(Minghui.org) I’ve only practiced Falun Dafa for a few years and I don’t feel I’ve been diligent in doing the three things. I recently realized that my state of mind while sending forth righteous thoughts isn’t good, especially when I send them at 12:00 a.m. My mind is not clear at all.
When I send righteous thoughts during the day, my palm is seldom upright and I have a hard time staying focused. When this happens, my mother reminds me to straighten my palm. At first I didn’t mind, but when she frequently reminded me, I became annoyed. I told her to focus on herself and stop looking at me. I also told her I couldn’t stay calm because of her interference.
I sometimes moved so she couldn’t see me, and I thought that she was too sleepy to notice me.
One morning while we were sending righteous thoughts, she quietly said, “I’d like to talk to you about something.”
“But I don’t want to talk to you.” I replied.
My mother told me that she saw big patches of black substances around my eyelids, and she could even see them with her eyes open.
I was shocked to hear this. I'd read about such things in sharing articles written by other practitioners. I realized it happened because I hadn’t sent righteous thoughts properly lately and there were negative substances in my dimensional field. I also realized that Master was reminding me through my mother. I felt ashamed for having caused trouble for Master. I know that my cultivation state hasn’t been good lately, but instead of being diligent, I felt resentful towards my mother, who noticed my problems and kindly reminded me. I cultivated so poorly.

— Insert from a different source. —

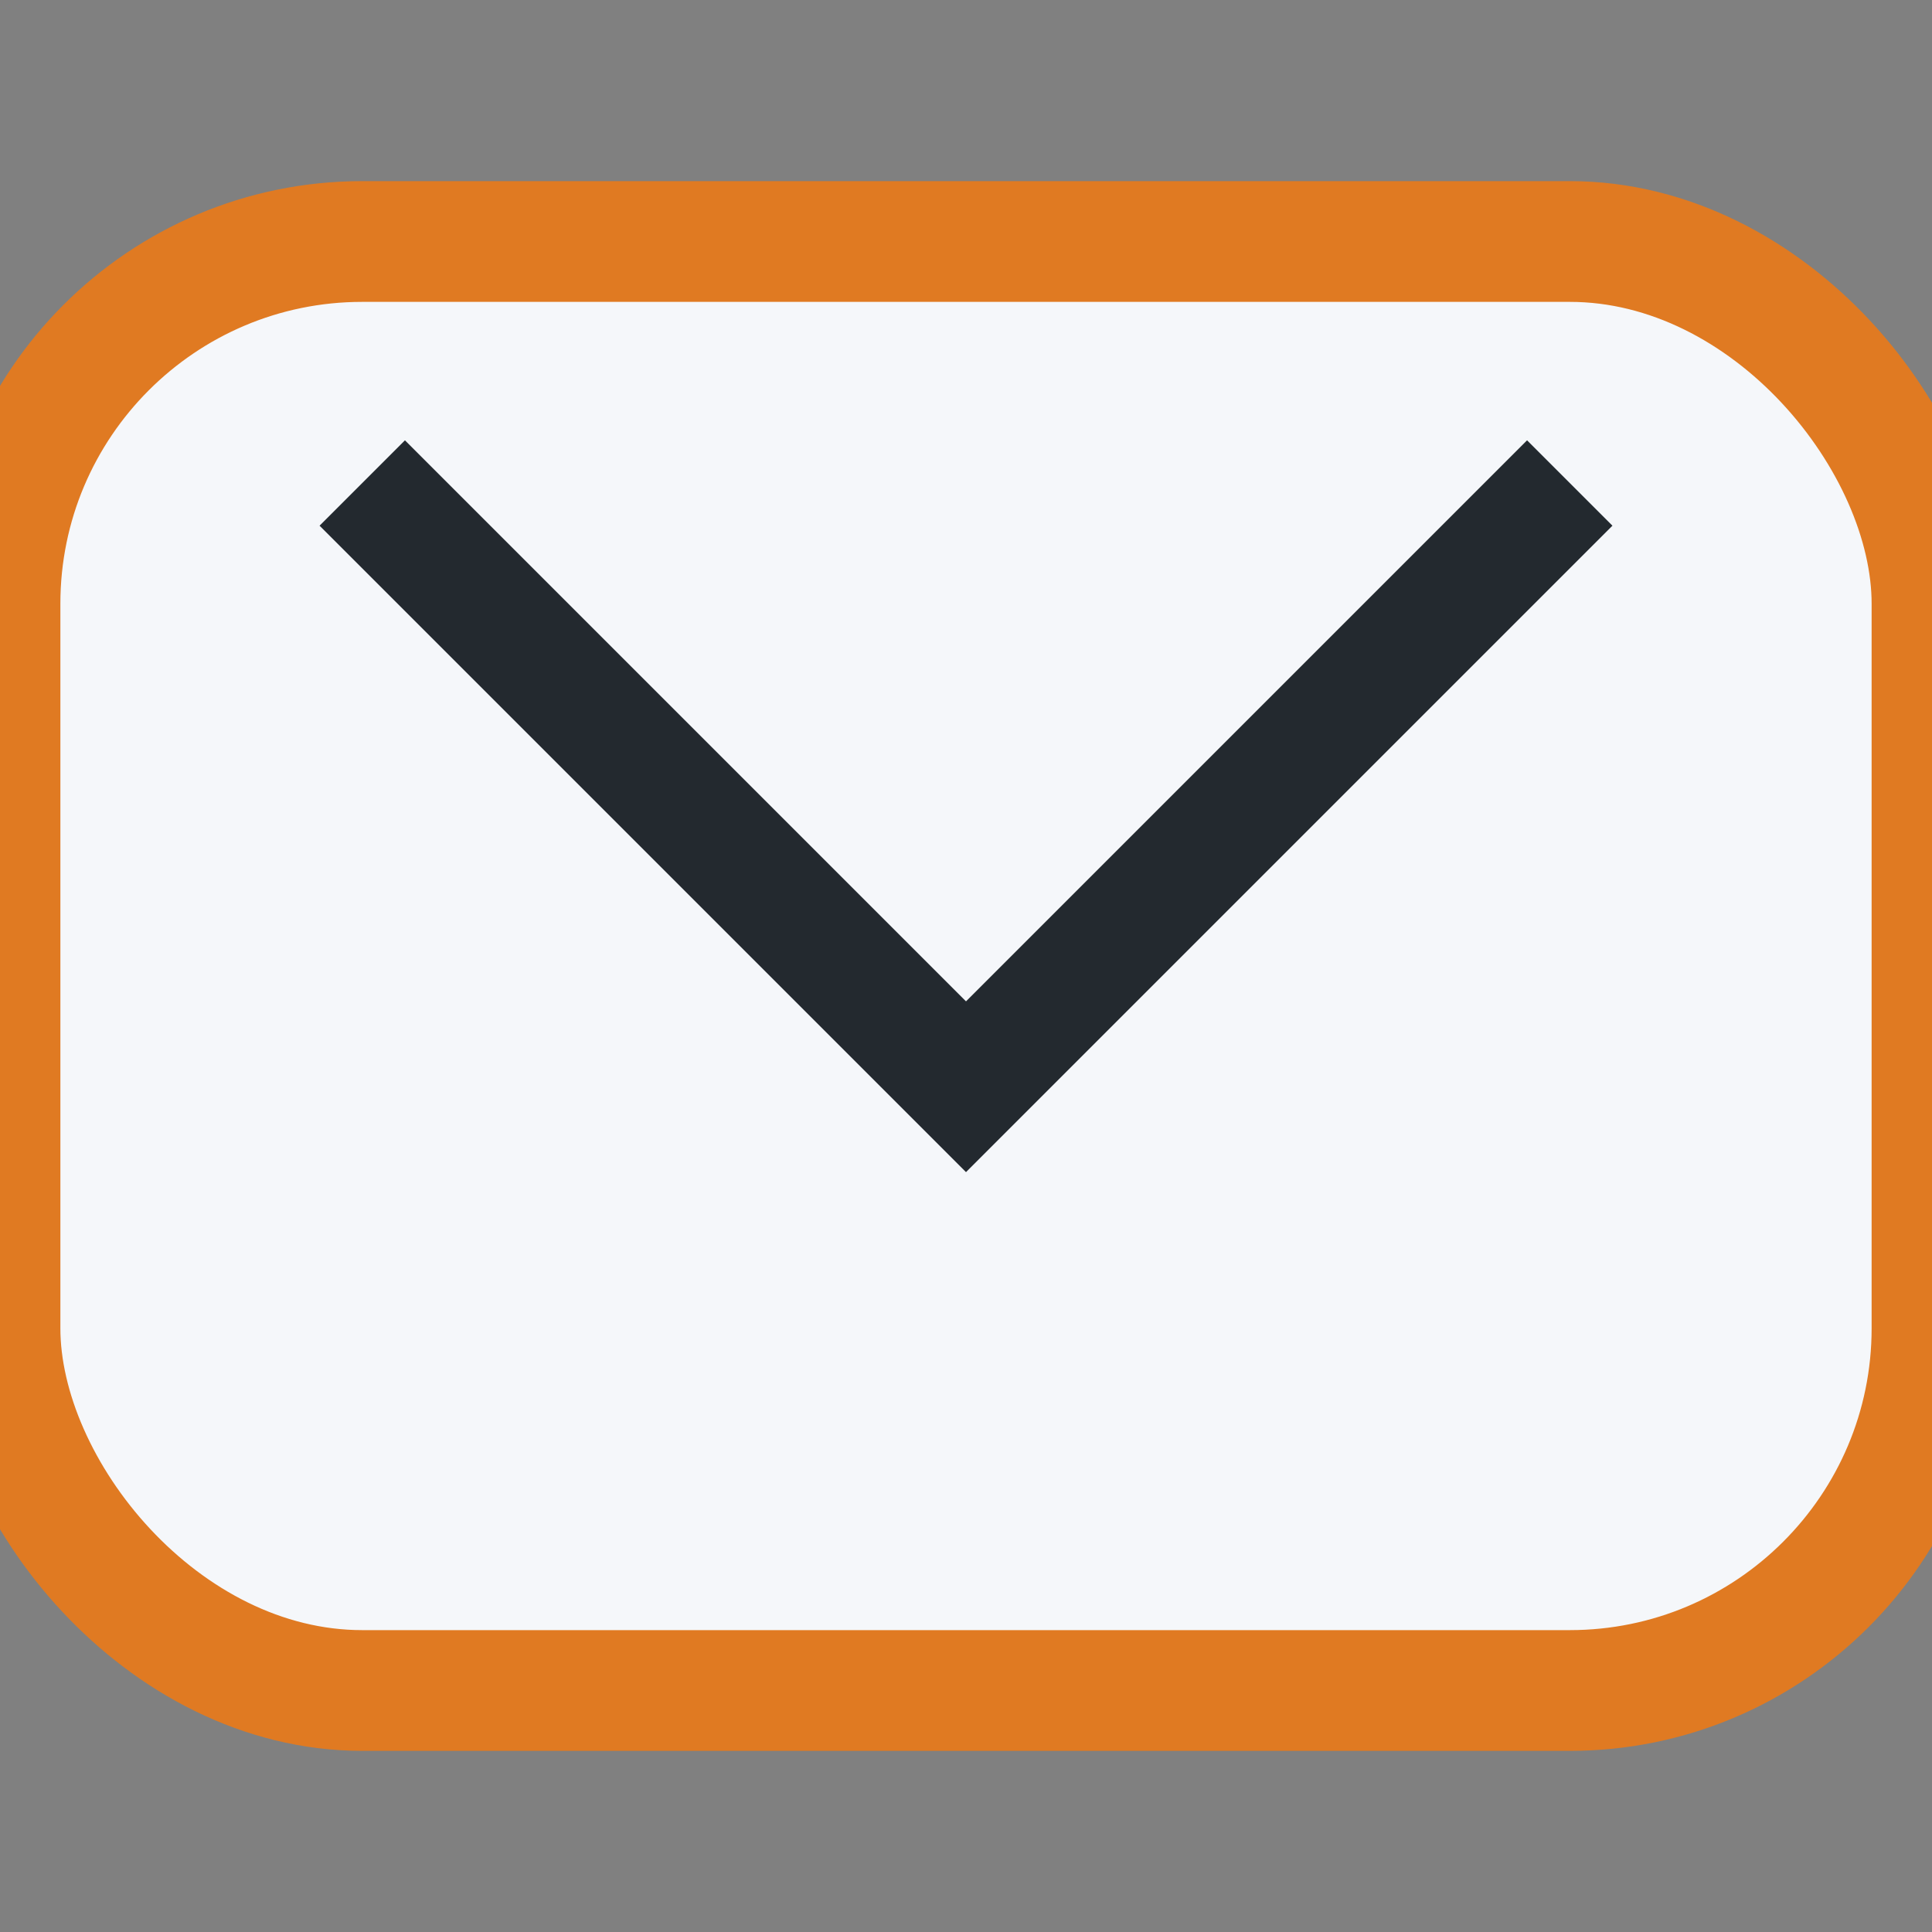 <?xml version="1.0" encoding="UTF-8"?>
<svg xmlns="http://www.w3.org/2000/svg" width="32" height="32" viewBox="0 0 32 32"><rect x="0" y="0" width="32" height="32" fill="#808080" stroke="none"/><rect width="32" height="24" y="4" rx="6" fill="#F5F7FA" stroke="#E07A22" stroke-width="2"/><polyline points="6,8 16,18 26,8" fill="none" stroke="#23292F" stroke-width="2"/></svg>

When I did the exercises with another practitioner last year, she kept telling me that some of my movements weren’t correct. Even though I remained calm on the surface, I was annoyed and thought: “Why are you watching me? What is your intention? Your movements aren’t even as good as mine, and yet you always point your finger at me.” I felt really unbalanced. Now I realized that she was only trying to help me and I should be grateful.
Master said:
“If you always reject reproaches and criticism, always point your fingers at others, and always refute others’ disapproval and criticism, is that cultivating? How is that cultivating? You have grown used to focusing on other people’s shortcomings, and never take examining your own self seriously. When others’ cultivation one day meets with success, what about you? Isn’t Master hoping that you are cultivating well? Why won’t you accept criticism, and why do you keep focusing on other people? Why not cultivate inward and examine your own self?” (Teachings at the Conference in Los Angeles)
When I measured myself against Master’s Fa teachings, I felt ashamed. Master talked about this issue previously, but I just now realized it. I started looking inward and reflected on myself. I found many of my human attachments: I always try to save face; I enjoy being praised and feel unbalanced when things don’t go my way; I dislike criticism and tend to look down on others; I often point fingers at others, feel jealous, and harbor resentment, and so on. When anyone criticizes me, I think, “You haven’t done well yourself, yet you criticize me.”
All this is the Communist Party culture’s way of thinking. I was really shocked when I realized my attachments and my warped way of thinking. I feel truly grateful to Master, and to all fellow practitioners who pointed out my shortcomings.
Thank you, Master! Thank you fellow practitioners.